Stored records
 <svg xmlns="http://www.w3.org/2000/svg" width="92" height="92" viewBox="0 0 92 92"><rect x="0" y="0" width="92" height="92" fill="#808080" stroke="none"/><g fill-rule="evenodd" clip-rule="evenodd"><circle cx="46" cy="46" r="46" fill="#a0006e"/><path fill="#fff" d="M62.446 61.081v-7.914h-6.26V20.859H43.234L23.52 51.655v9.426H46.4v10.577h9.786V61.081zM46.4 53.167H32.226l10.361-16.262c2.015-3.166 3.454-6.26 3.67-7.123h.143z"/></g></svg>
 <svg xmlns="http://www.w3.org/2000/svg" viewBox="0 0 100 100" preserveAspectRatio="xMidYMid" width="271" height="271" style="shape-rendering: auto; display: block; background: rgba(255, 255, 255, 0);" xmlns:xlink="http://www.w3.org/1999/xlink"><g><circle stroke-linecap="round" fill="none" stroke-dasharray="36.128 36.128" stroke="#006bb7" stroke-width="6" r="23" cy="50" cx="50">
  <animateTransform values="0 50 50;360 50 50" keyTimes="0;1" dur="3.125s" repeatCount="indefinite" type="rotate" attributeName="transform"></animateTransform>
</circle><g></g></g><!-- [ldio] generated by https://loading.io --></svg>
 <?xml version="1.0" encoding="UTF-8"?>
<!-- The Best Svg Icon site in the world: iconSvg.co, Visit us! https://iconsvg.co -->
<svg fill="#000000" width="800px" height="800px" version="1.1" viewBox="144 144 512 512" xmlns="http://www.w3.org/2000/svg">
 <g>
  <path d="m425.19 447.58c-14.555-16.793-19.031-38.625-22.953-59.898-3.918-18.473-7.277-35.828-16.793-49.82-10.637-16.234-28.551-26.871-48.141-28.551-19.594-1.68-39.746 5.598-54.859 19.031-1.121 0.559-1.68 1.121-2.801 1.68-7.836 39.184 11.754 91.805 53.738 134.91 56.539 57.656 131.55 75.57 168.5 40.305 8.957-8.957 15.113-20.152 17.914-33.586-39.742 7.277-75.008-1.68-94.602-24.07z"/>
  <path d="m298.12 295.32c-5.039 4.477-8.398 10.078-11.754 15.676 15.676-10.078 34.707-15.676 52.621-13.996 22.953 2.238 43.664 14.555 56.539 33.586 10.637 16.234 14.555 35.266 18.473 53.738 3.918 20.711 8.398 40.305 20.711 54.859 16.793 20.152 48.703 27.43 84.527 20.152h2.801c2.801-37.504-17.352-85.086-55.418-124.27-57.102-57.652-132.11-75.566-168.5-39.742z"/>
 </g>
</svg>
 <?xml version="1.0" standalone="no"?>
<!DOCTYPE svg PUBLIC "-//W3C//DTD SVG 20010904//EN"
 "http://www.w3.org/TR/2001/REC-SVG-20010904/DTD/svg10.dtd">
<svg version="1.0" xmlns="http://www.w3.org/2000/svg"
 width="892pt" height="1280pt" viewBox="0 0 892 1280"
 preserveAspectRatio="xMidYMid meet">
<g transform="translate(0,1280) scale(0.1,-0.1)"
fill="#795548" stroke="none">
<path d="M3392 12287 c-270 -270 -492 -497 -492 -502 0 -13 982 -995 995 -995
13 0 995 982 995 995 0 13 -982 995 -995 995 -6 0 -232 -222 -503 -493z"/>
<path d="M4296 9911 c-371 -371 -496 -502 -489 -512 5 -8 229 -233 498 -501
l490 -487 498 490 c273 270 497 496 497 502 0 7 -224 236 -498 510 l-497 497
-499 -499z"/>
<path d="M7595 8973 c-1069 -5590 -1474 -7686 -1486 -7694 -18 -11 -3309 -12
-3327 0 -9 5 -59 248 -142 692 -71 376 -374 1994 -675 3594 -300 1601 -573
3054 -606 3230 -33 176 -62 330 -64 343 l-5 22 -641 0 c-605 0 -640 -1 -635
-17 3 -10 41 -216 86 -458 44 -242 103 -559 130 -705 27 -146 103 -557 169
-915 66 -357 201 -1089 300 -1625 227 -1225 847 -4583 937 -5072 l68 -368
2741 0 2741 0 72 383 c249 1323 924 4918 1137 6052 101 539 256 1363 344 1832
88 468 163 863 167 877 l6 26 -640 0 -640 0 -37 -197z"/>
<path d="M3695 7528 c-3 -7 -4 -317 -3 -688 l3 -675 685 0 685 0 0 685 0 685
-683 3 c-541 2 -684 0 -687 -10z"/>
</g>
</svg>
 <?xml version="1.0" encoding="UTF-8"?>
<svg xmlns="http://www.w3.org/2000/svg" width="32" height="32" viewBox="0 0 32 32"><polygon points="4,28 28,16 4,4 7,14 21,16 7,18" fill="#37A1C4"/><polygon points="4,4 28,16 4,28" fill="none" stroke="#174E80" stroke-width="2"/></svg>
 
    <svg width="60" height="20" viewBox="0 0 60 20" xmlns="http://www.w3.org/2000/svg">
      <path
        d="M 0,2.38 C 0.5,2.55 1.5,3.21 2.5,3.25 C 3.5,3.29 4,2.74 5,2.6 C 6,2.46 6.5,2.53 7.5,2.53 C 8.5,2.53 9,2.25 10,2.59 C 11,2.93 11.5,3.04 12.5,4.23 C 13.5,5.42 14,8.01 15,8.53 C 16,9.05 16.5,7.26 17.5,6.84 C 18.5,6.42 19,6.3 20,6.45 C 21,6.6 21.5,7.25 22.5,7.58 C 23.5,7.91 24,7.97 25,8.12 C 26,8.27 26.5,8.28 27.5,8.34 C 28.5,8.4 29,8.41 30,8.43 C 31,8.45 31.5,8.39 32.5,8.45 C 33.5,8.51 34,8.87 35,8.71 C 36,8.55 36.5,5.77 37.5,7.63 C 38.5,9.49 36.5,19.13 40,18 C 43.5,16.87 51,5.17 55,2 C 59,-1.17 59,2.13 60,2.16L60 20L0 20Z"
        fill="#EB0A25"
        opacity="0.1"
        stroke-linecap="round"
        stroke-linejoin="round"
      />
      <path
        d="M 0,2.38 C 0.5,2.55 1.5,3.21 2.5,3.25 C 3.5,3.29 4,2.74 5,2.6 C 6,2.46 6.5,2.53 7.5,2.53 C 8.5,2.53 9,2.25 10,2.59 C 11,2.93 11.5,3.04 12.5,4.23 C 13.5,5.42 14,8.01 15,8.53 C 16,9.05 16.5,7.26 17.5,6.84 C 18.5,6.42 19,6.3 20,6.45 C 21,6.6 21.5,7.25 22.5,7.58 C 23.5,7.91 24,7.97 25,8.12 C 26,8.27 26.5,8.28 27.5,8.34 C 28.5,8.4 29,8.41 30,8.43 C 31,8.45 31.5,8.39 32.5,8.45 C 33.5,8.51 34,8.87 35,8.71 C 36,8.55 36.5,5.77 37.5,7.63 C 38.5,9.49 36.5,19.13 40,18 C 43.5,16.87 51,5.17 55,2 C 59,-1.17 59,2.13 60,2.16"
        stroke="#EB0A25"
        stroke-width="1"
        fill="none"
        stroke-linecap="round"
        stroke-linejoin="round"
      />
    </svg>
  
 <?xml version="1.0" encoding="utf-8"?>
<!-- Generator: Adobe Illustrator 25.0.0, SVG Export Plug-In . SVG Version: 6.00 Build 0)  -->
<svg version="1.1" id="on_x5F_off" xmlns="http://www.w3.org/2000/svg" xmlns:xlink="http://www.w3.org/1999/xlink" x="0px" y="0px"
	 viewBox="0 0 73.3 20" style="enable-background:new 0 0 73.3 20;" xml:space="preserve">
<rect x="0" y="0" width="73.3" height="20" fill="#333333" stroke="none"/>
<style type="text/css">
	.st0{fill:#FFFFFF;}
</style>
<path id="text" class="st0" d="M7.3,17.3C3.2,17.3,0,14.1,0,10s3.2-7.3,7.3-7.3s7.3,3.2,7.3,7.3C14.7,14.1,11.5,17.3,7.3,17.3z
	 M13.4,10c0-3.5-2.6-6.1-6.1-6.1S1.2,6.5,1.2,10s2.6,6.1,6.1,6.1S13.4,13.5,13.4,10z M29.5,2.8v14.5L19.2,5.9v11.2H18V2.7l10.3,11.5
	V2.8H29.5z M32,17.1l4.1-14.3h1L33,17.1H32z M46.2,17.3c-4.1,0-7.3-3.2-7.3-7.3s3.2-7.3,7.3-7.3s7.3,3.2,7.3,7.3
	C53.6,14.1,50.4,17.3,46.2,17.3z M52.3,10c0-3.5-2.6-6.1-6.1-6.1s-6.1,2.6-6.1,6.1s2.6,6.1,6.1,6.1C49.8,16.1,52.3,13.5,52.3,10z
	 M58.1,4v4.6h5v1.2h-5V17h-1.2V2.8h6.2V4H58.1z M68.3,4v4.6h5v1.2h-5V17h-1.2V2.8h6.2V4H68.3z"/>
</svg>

ABOUT THIS EXERCISE
Exact reproduction is required: output the lines from the start of the entries above through the line with "<!-- The Best".

TASK SOLUTION
 <svg xmlns="http://www.w3.org/2000/svg" width="92" height="92" viewBox="0 0 92 92"><rect x="0" y="0" width="92" height="92" fill="#808080" stroke="none"/><g fill-rule="evenodd" clip-rule="evenodd"><circle cx="46" cy="46" r="46" fill="#a0006e"/><path fill="#fff" d="M62.446 61.081v-7.914h-6.26V20.859H43.234L23.52 51.655v9.426H46.4v10.577h9.786V61.081zM46.4 53.167H32.226l10.361-16.262c2.015-3.166 3.454-6.26 3.67-7.123h.143z"/></g></svg>
 <svg xmlns="http://www.w3.org/2000/svg" viewBox="0 0 100 100" preserveAspectRatio="xMidYMid" width="271" height="271" style="shape-rendering: auto; display: block; background: rgba(255, 255, 255, 0);" xmlns:xlink="http://www.w3.org/1999/xlink"><g><circle stroke-linecap="round" fill="none" stroke-dasharray="36.128 36.128" stroke="#006bb7" stroke-width="6" r="23" cy="50" cx="50">
  <animateTransform values="0 50 50;360 50 50" keyTimes="0;1" dur="3.125s" repeatCount="indefinite" type="rotate" attributeName="transform"></animateTransform>
</circle><g></g></g><!-- [ldio] generated by https://loading.io --></svg>
 <?xml version="1.0" encoding="UTF-8"?>
<!-- The Best Svg Icon site in the world: iconSvg.co, Visit us! https://iconsvg.co -->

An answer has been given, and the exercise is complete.